Still, I managed to drag myself bleary eyed into the shower and woke up enough to head out to the Suan Lum night market where, I had been told, they had an excellent open air food court.

I am told that it is under threat of closure, which is a great shame because both the market and the food court are a great deal of fun. After a stroll around the shops of the market, most specialising in traditional Thai handicrafts, I headed to the food court, which was set up so you bought pre-paid vouchers which could be exchanged for food and drinks at any of the many stalls set up around an area of seating the size of a football field.

The first odd sight was of young Thai women dressed in traditional German outfits. I had not long returned from Munich and thought for a moment that my malaria tablets (also prescribed for dealing with cases of the clap, thanks for telling me Dr Patel!) had caused hallucinations. However, it transpired that, as everywhere, the German brewers had been there first and one of the biggest beer stands was Pauliner.

The second odd sight was the seeing a large TV screen showing Wigan Athletic Vs Bolton Wanderers to a less than rapt audience of bemused Thai families. The English Premiership is incredibly popular all over the world, but I think they might have been hoping for Liverpool, Manchester Utd or Chelsea rather than a couple of bottom table, Lancastrian strugglers.

Still, everyone seemed to be having a damn good time and I joined in with a big bowl of Green chicken curry and sat down to watch the game. To be honest, it had the same effect on me as it would have done had I been back in the UK, it drove me home to bed.
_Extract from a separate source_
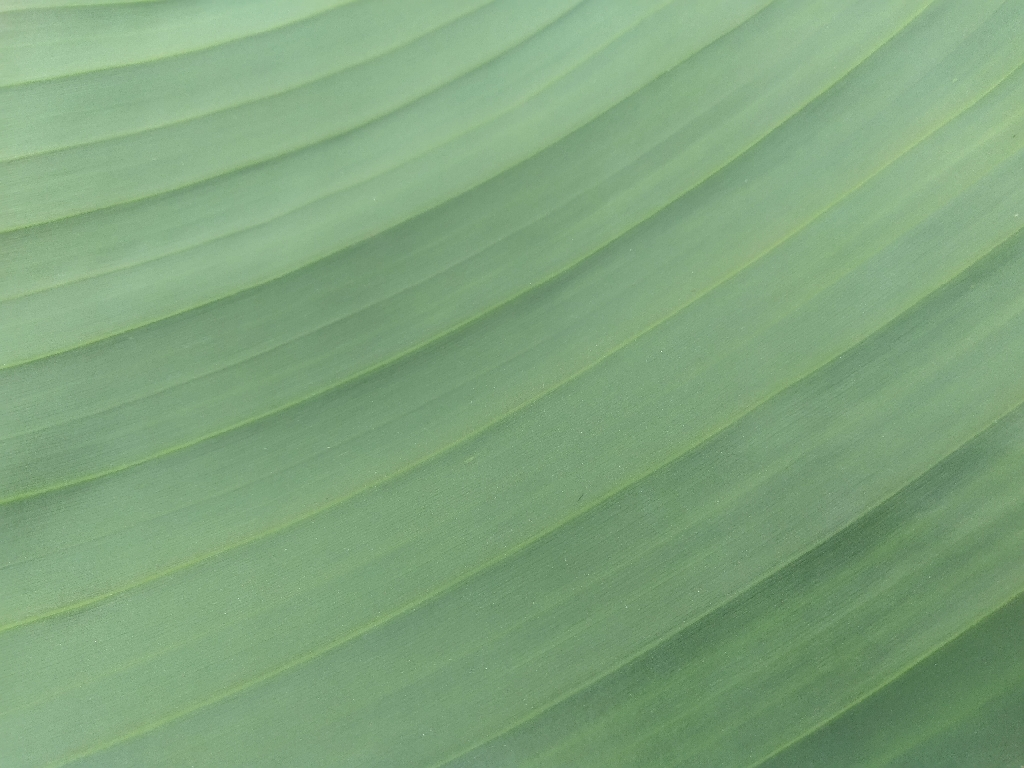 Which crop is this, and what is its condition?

banana, healthy

It is fair to say, I was enjoying my early experiences of Thailand. Particularly as I had no idea what to expect before I got there. However, on the walk home, I took a detour through one on Bangkok’s infamous streets of girly bars, Soi Cowboy and, I have to admit to almost bringing my supper back up at the sight of fat, old and ugly European men (mostly German and Dutch it appeared) groping girls young enough to be their daughters and certainly not looking as if they wanted to be groped by anyone let alone these, corpulent, lecherous Neanderthals.

A few of them called out to me

“Come, buy me lady drink”

“You want massage?”

Their lips formed a smile but their eyes were hidden behind bars of being trapped in this vile profession.

It was my first experience of Thailand’s seedier side and it made me as angry as it did nauseous.

I went to sleep with the sounds of Sukhumvit filtering through my window and those small, sad smiles of the small sad girls filtering through my jet lagged dreams.